When I was in Kuwait there was a big job site, a $2.6 million construction project. It was a massive place, there we’re a ton of Third Country Nationals (euphemism for broke-ass laborers who make a dollar a day, just to send it to their family back home), and they worked extended hours, so we had to have a ton of escorts to secure the area. We we’re there all the time.

For the first several weeks, one of the spots we routinely set up shop was on a large piece of metal that protruded from the ground. It was in a good spot; a back corner of the fence-line, away from the construction, in a good angle to see a lot of what was going on. Day in and day out we sat on this big piece of metal and watched these TCNs do their thing. They moved some bricks, took a siesta, bitched each other out, moved some more bricks, and the cycle continued. Sometimes the boredom got the best of us. We’d dance around if someone had a radio, or we’d kick stuff, or draw in the sand. Whatever the entertainment of the hour may be. Once we played a makeshift game of horseshoes; we threw rocks, instead of horseshoes, at the big piece of metal, instead of a pole. A few times we banged on it with sticks and rebar, to make a little percussion à la the Stomp musical group. It could get pretty brutal just sitting there in the sand for hours on end, day in and day out.

Time passed, we worked other sites, banged on other pieces of metal, and made up new games with rocks and sand. About two months after we had started working on that particular construction project, one of our guys who had never worked the site before notices the big piece of metal. We saw it and said, “There we go, a nice place to sit.” He saw it and said, “What the hell is that thing?” So he radioed it in. He asked around if anyone knew what the big chunk of metal was, and nobody could answer him.

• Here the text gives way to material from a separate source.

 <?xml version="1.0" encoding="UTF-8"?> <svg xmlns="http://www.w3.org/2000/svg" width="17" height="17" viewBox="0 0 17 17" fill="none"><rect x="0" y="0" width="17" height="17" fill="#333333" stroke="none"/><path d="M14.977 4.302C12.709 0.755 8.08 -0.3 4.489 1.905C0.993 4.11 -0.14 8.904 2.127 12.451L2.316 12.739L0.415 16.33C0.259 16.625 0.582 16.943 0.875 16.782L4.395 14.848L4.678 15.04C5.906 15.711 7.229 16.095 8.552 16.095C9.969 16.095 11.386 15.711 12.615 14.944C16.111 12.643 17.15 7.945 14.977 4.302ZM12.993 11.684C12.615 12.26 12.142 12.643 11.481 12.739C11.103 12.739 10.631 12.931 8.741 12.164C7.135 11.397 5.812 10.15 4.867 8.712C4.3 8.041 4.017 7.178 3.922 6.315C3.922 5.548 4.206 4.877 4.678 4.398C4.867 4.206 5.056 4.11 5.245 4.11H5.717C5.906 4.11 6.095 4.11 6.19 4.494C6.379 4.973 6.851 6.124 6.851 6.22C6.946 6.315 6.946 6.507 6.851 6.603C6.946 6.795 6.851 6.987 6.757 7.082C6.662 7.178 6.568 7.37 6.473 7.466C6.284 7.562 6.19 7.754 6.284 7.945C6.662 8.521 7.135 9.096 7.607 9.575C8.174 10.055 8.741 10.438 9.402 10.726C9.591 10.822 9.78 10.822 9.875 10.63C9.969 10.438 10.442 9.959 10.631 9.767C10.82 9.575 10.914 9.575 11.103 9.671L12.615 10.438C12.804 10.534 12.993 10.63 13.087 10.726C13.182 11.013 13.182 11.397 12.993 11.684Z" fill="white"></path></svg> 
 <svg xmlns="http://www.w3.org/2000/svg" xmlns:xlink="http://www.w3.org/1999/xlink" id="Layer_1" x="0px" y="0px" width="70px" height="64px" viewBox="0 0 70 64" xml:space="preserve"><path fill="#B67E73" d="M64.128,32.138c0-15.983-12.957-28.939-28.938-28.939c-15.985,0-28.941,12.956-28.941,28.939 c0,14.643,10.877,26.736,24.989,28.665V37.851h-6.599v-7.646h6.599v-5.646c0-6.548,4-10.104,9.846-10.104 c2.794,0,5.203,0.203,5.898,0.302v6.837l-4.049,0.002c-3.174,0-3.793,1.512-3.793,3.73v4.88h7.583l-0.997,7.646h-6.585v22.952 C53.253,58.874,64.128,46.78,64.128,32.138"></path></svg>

So they followed procedure and sent some Explosives Ordinance Disposal (EOD) guys down to check it out.

Sure enough, the damn thing was a huge fucking bomb that had never gone off. It was just sitting there, ready to blow up. It was still live too; made a humongous explosion when EOD took it out. Needless to say everyone was pretty shocked… Wait, you mean that thing I was beating with a piece of rebar was a bomb? Yup. Like, the kind that blow up? Yeah. You mean that piece of metal that we jumped up and down on all of last week was a bomb? Yup. A real bomb? Yeah, a real bomb.

Son of a bitch. I don’t think any other group of 50-or-so people have ever been so simultaneously relieved to still have their legs as we all were that day. This moral should be pretty easy to figure out: Don’t beat on strange pieces of metal. They might blow you up.